(Work to be completed): Search the records below for the word "bold", then return every line where it appears.

(Source data):
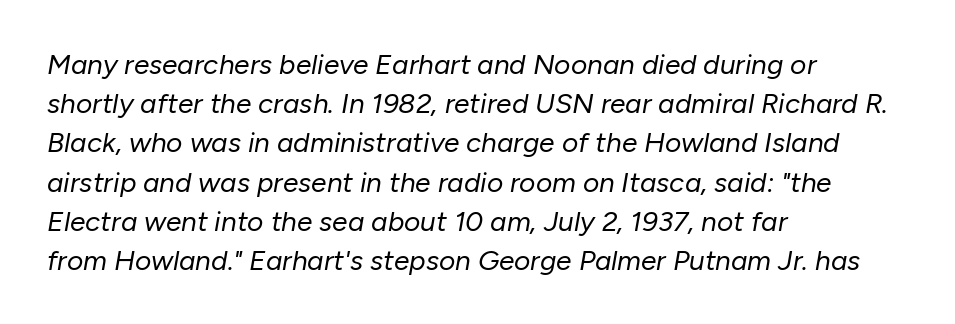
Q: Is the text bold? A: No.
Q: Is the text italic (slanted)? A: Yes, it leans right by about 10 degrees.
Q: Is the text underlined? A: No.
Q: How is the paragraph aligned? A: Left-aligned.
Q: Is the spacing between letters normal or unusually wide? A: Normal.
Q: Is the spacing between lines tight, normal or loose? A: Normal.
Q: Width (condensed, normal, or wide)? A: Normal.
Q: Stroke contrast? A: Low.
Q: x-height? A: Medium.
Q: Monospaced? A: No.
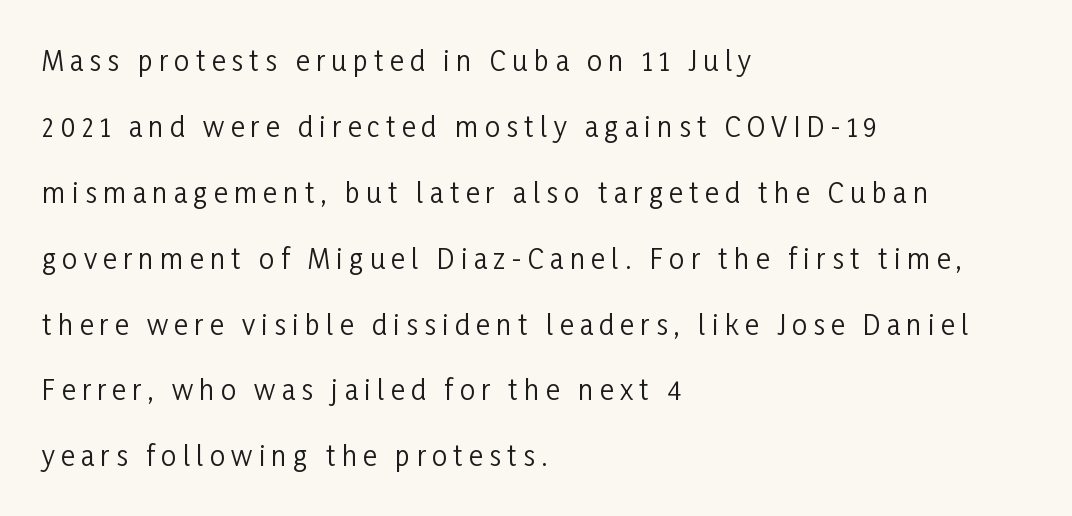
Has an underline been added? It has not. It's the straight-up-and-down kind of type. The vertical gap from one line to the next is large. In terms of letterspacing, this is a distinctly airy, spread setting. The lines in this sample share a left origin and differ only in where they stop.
---
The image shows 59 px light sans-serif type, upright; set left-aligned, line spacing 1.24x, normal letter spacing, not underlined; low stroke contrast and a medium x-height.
...
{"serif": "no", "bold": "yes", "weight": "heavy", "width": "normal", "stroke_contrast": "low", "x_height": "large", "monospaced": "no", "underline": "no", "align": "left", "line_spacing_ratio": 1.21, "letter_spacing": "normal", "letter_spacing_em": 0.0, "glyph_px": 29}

(Expected answer):
Q: Is the text bold? A: No.
{"serif": "no", "bold": "yes", "weight": "heavy", "width": "normal", "stroke_contrast": "low", "x_height": "large", "monospaced": "no", "underline": "no", "align": "left", "line_spacing_ratio": 1.21, "letter_spacing": "normal", "letter_spacing_em": 0.0, "glyph_px": 29}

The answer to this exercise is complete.